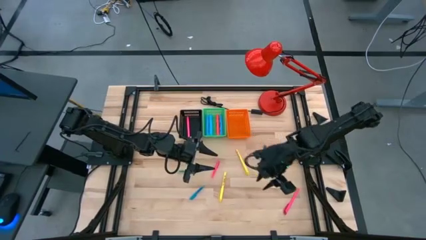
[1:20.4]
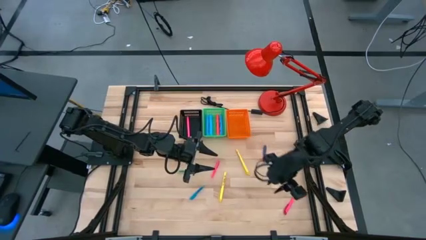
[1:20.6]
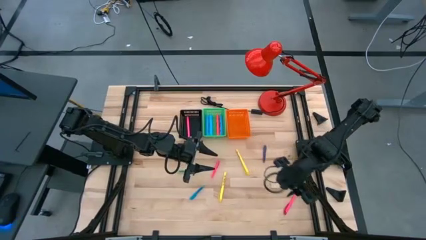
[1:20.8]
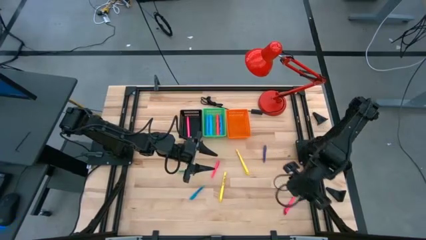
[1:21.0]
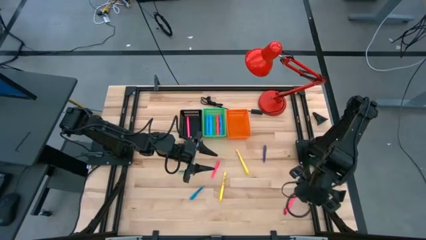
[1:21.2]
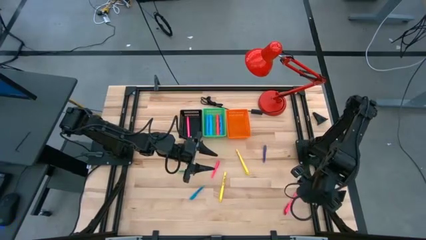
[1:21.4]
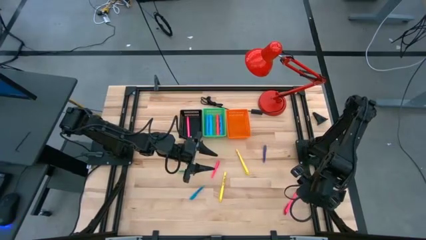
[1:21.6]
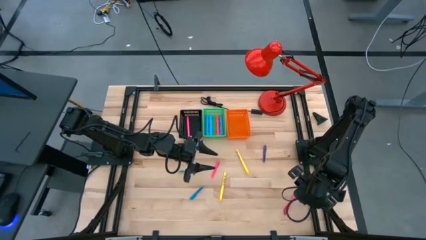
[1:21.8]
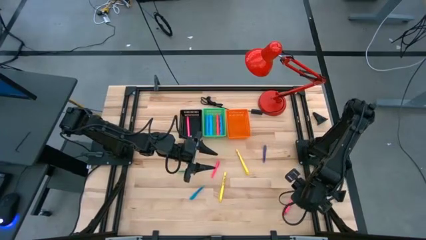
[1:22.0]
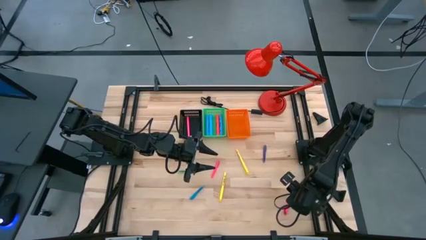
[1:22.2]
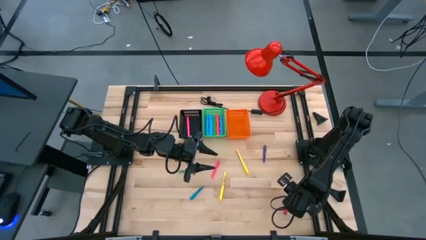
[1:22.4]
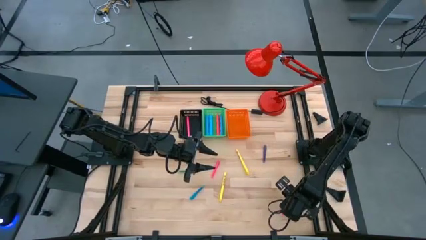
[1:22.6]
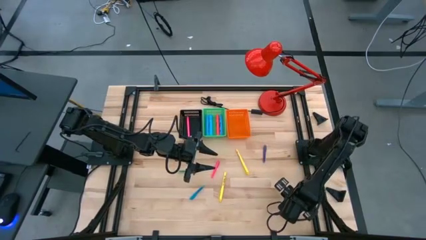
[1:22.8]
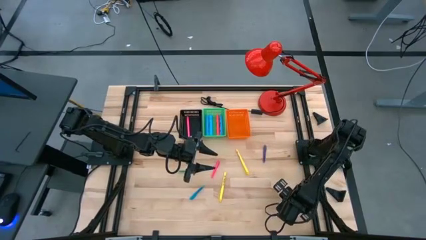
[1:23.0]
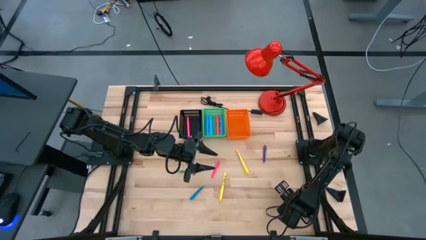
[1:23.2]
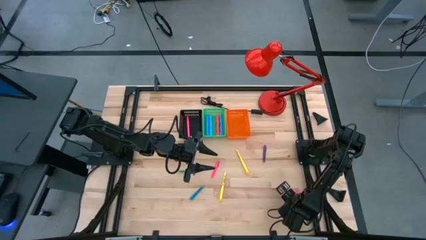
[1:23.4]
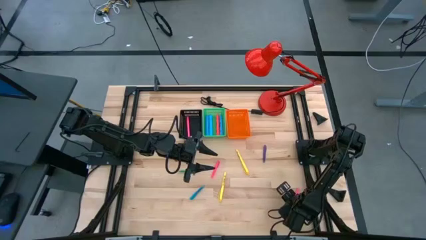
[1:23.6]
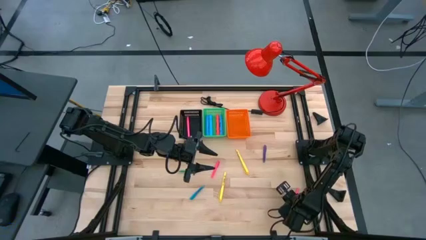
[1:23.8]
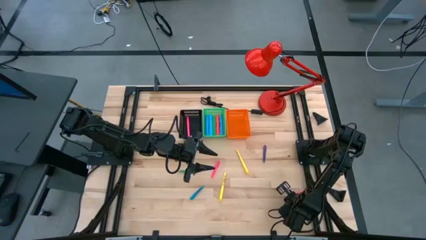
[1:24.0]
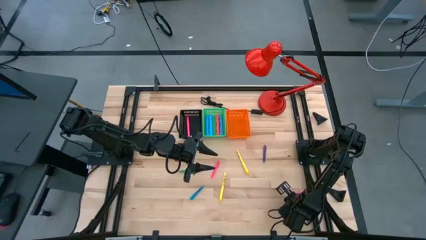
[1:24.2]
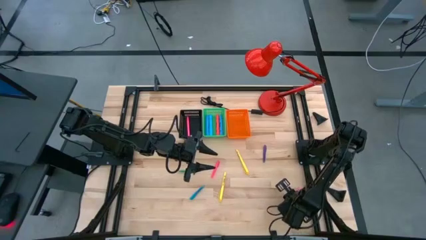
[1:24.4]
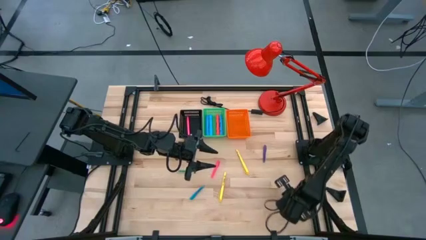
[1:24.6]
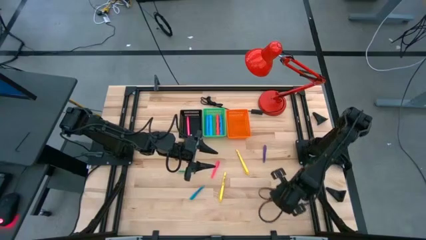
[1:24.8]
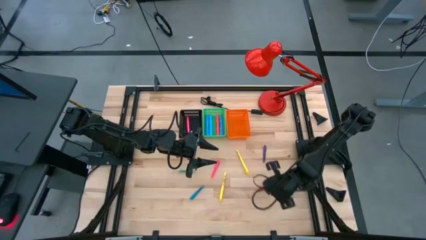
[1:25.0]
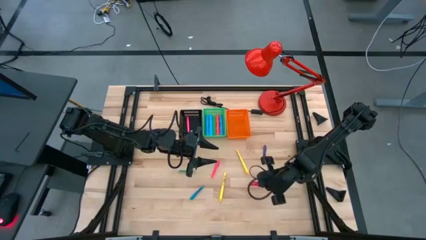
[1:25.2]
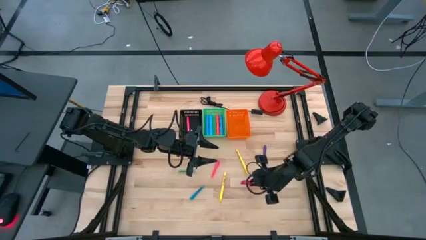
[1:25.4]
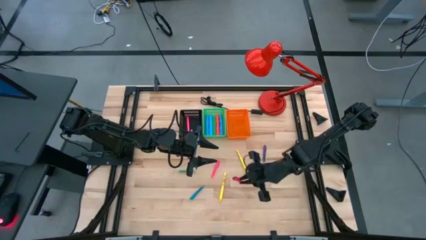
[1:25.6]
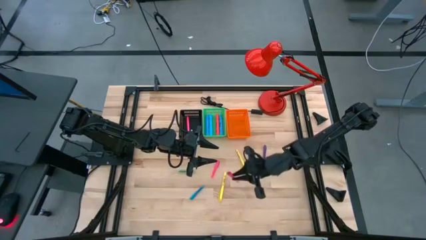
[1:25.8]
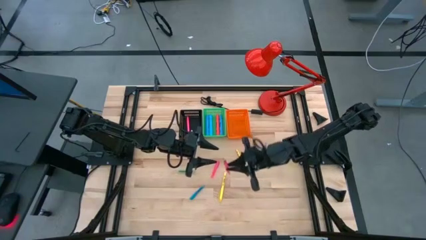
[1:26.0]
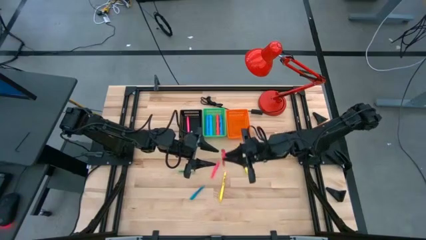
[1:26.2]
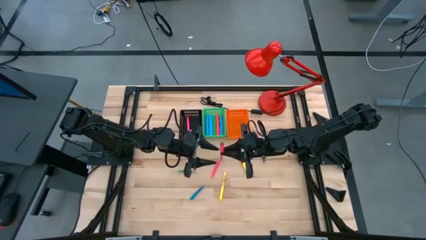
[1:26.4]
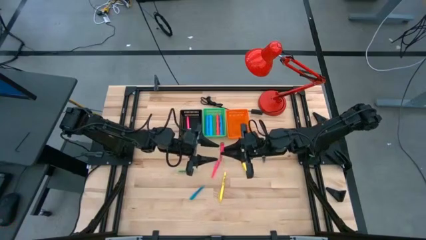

***

# Goal of the exercise
Set down all of the data word for word; no pictures belong in it.

# Output
[1:20.4]
[1:20.6]
[1:20.8]
[1:21.0]
[1:21.2]
[1:21.4]
[1:21.6]
[1:21.8]
[1:22.0]
[1:22.2]
[1:22.4]
[1:22.6]
[1:22.8]
[1:23.0]
[1:23.2]
[1:23.4]
[1:23.6]
[1:23.8]
[1:24.0]
[1:24.2]
[1:24.4]
[1:24.6]
[1:24.8]
[1:25.0]
[1:25.2]
[1:25.4]
[1:25.6]
[1:25.8]
[1:26.0]
[1:26.2]
[1:26.4]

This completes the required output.